Stereoselective peptide catalysis in complex environments - from river water to cell lysates.

Many stereoselective peptide catalysts have been established. They consist, like nature's catalysts, of amino acids but have significantly lower molecular weights than enzymes. Whereas enzymes operate with exquisite chemoselectivity in complex biological environments, peptide catalysts are used in pure organic solvents and at higher concentrations. Can a peptide catalyst exhibit chemoselectivity reminiscent of enzymes? Here, we investigated the properties of tripeptide catalysts in complex mixtures in hydrophobic and aqueous solvents. We challenged the catalysts with biomolecules bearing functional groups that could interfere by coordination or reaction with the peptide, the substrates, or intermediates. H-dPro-αMePro-Glu-NHC12H15 emerged through tailoring of the trans/cis ratio of the tertiary amide as a conformationally well-defined tripeptide that catalyzes C-C bond formations with high reactivity and stereoselectivity - regardless of the solvent and compound composition. The chemoselectivity of the tripeptide is so high that it even catalyzes reactions in cell lysates. The findings provoke the question of the potential role of peptide catalysis in nature and during the evolution of enzymes. This journal is © The Royal Society of Chemistry.

Introduction

During the past two decades, peptides have been recognized as potent catalysts for different reactions.[1,2] Several of these peptide catalysts feature exquisite levels of stereoselectivity and reactivity. Since they consist, like nature's catalysts, of amino acids but are significantly smaller, peptide catalysts can be viewed as “mini-enzymes”. Yet, whereas enzymes catalyze reactions in aqueous media, most peptidic catalysts operate in organic solvents.‡[1-13] A further marked difference is the environment in which catalysis takes place. Enzymes work in highly complex cellular environments – reaction media that require exceptional chemoselectivity – while peptide catalysts are used in well-defined environments consisting only of substrates and products in pure solvents. Moreover, enzymes operate at significantly lower concentrations than peptide catalysts. We became intrigued by the question of whether a peptide catalyst can have a chemoselectivity reminiscent of enzymes. Can stereoselective peptide catalysis occur in water in the presence of compounds abundant in nature, in complex compound mixtures, and possibly even in cell lysates?

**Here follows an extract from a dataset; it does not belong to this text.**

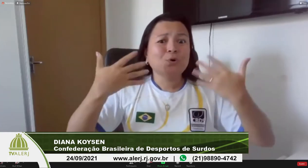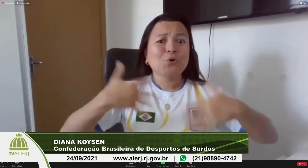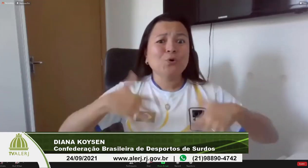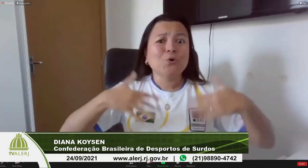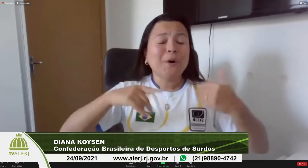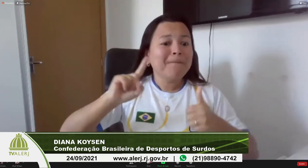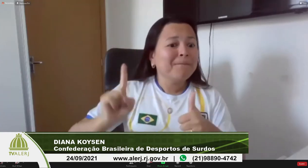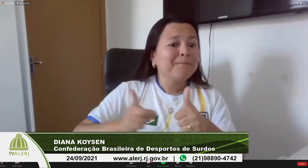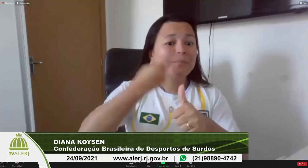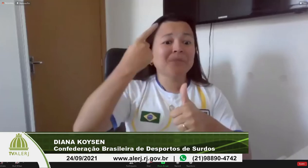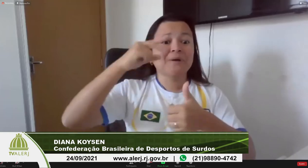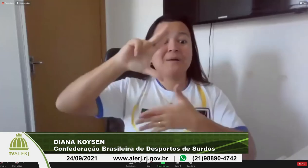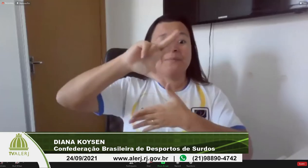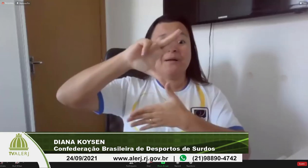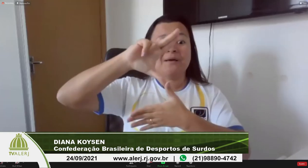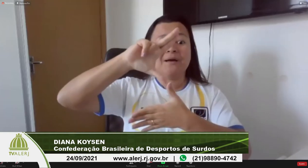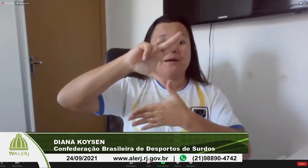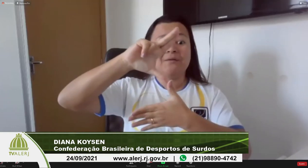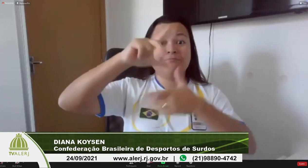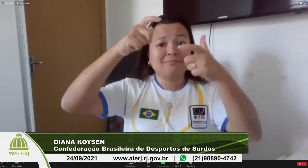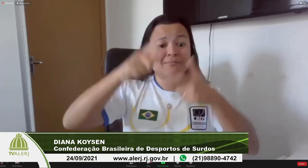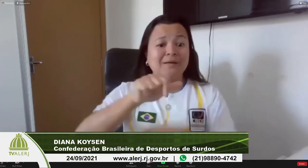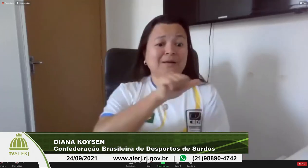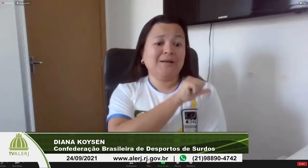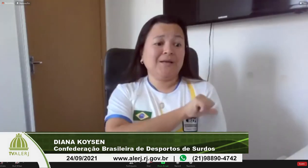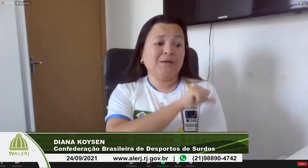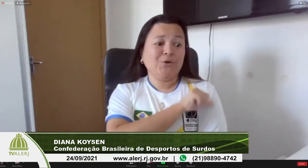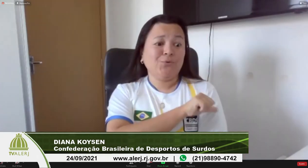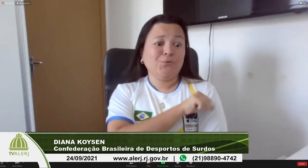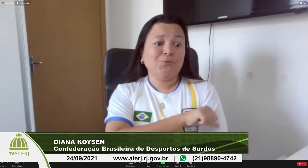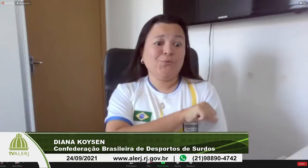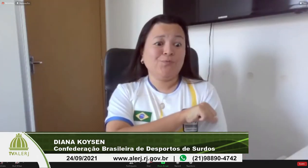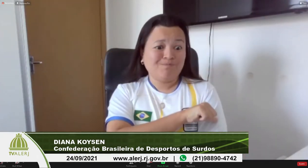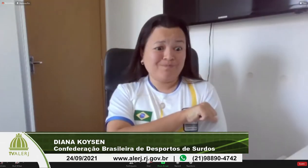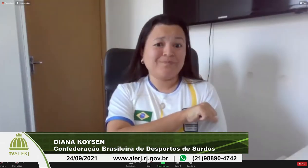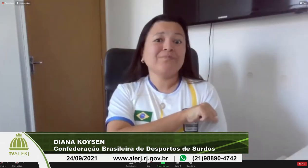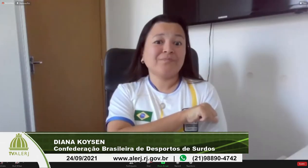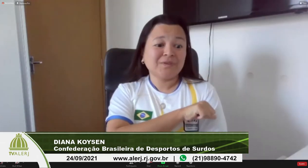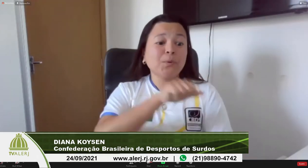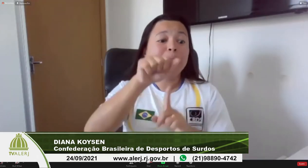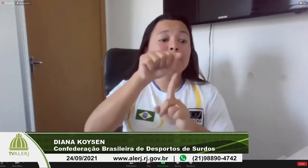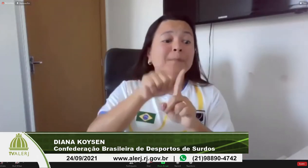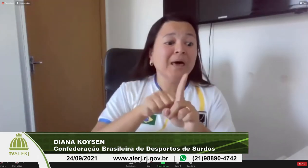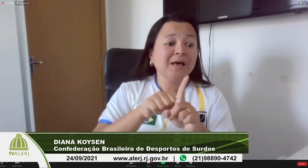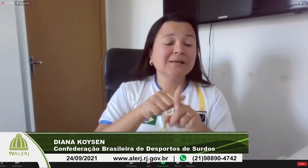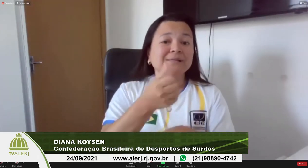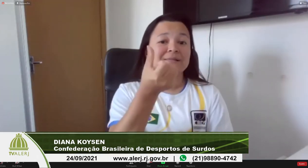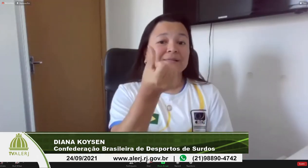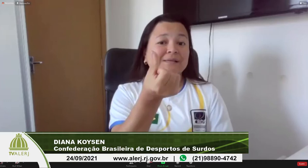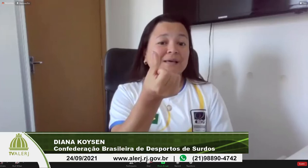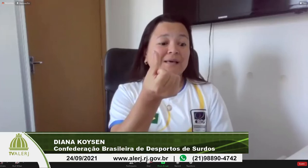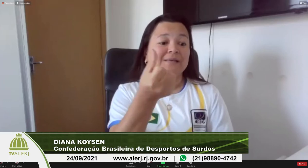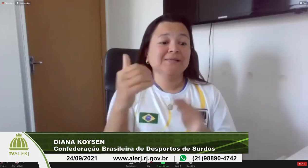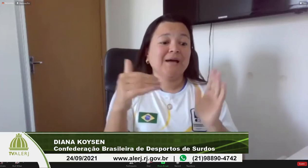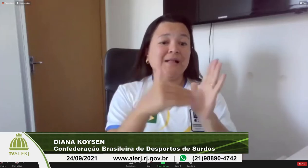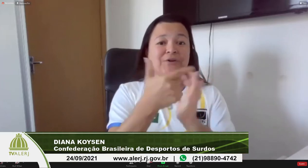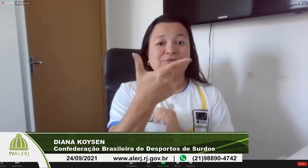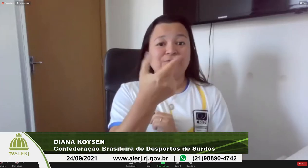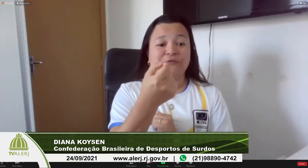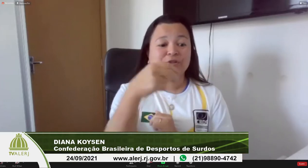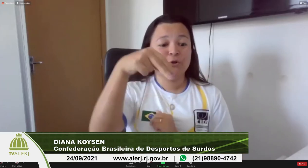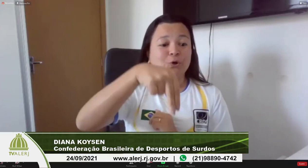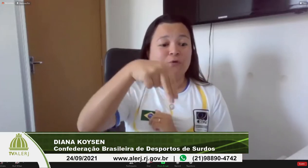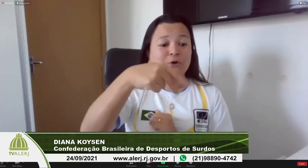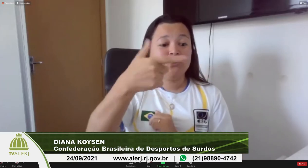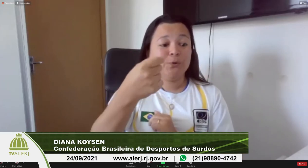atletas então isso impacta tanto na questão do esporte como na questão de turismo vai ser a primeira vez que um país latino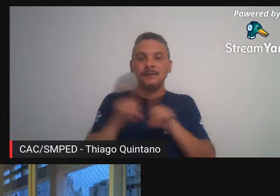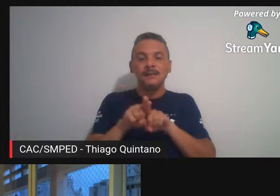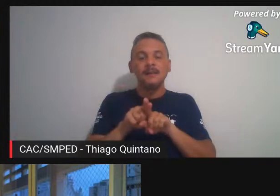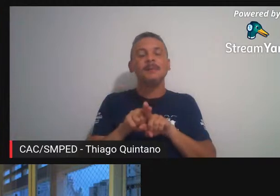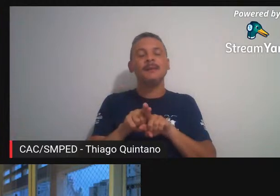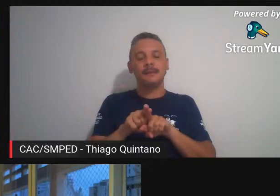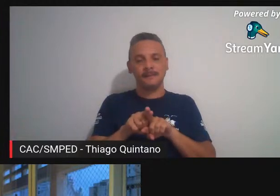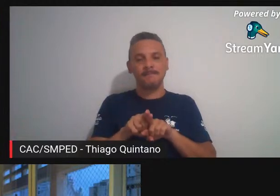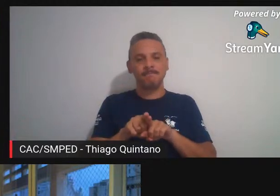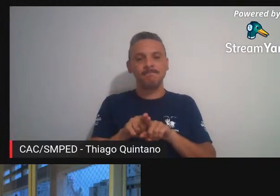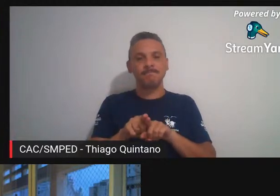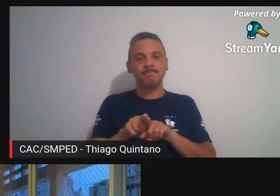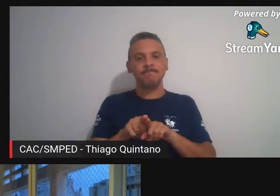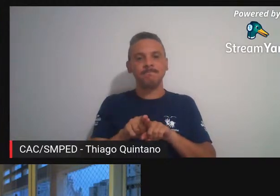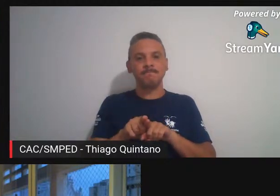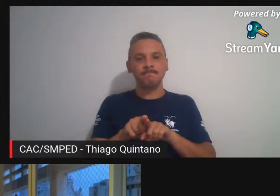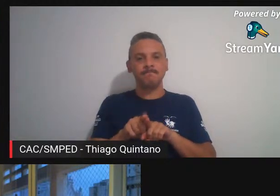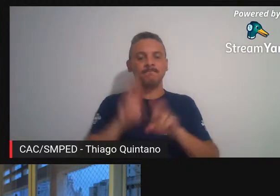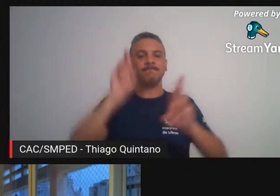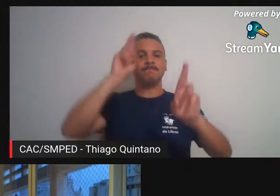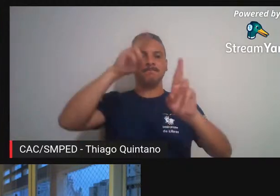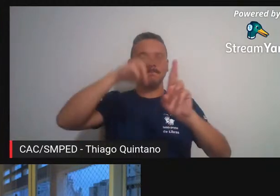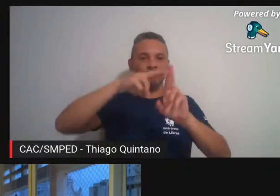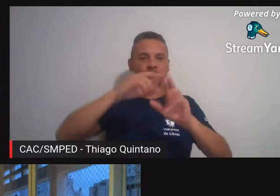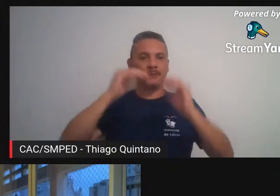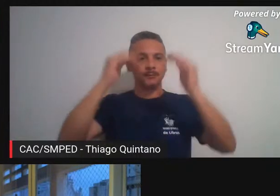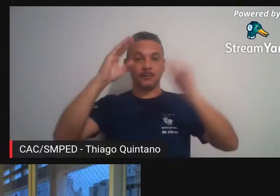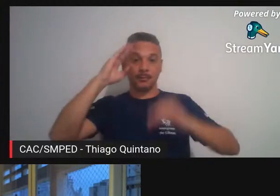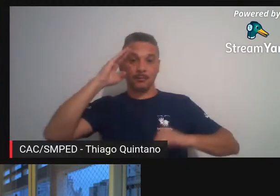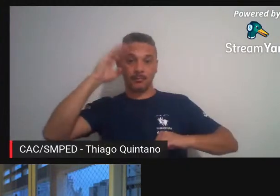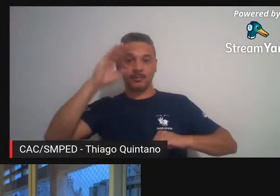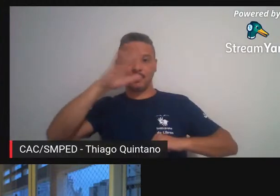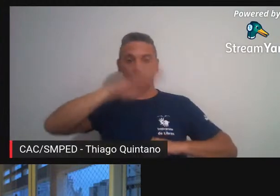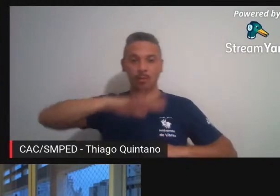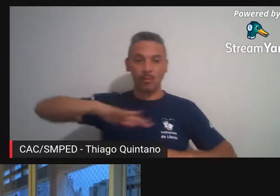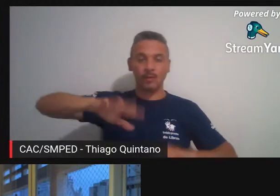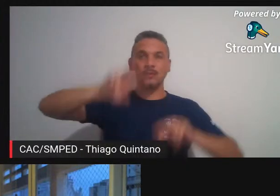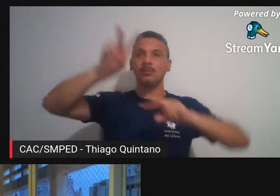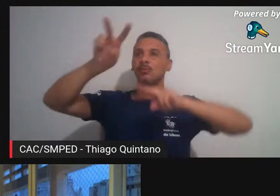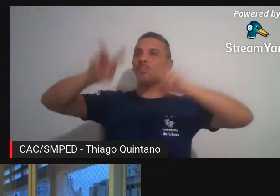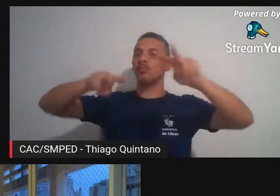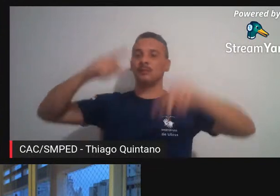referência predominante na nossa paisagem

For examples of peptide catalysis in water, or in mixtures of an organic solvent and water, see ref. 3–13.

Herein, we show that the peptide H-dPro-αMePro-Glu-NHC12H15 is so chemoselective that it catalyzes C–C bond formation reactions between aldehydes and nitroolefins with exquisite stereoselectivity in complex mixtures, including cell lysates. Key to the performance of this peptide is the αMePro residue that ensures a high trans/cis ratio of the tertiary amide bond regardless of the solvent and compound composition.

Results & discussion

Peptide catalysis in water in the presence of biomolecules

We used the alkylated tripeptide H-dPro-Pro-Glu-NHC12H151 as a starting point for our studies (Fig. 1). This peptide is a stereoselective catalyst for the conjugate addition reaction of aldehydes to nitroolefins in water and organic solvents.[13,14] The catalytic reaction proceeds via the formation of an enamine intermediate between the peptide and the aldehyde followed by a C–C bond formation with the nitroolefin.[15-18] Essential for the catalytic efficiency of 1 is a high trans/cis ratio of the dPro-Pro amide bond[19] and the CO2H group of glutamate as an intramolecular proton donor.[14] In water, the alkyl chain facilitates the formation of an emulsion and thus the solubility of the otherwise water-insoluble substrates.[13]

Fig. 1

Peptide catalyst 1.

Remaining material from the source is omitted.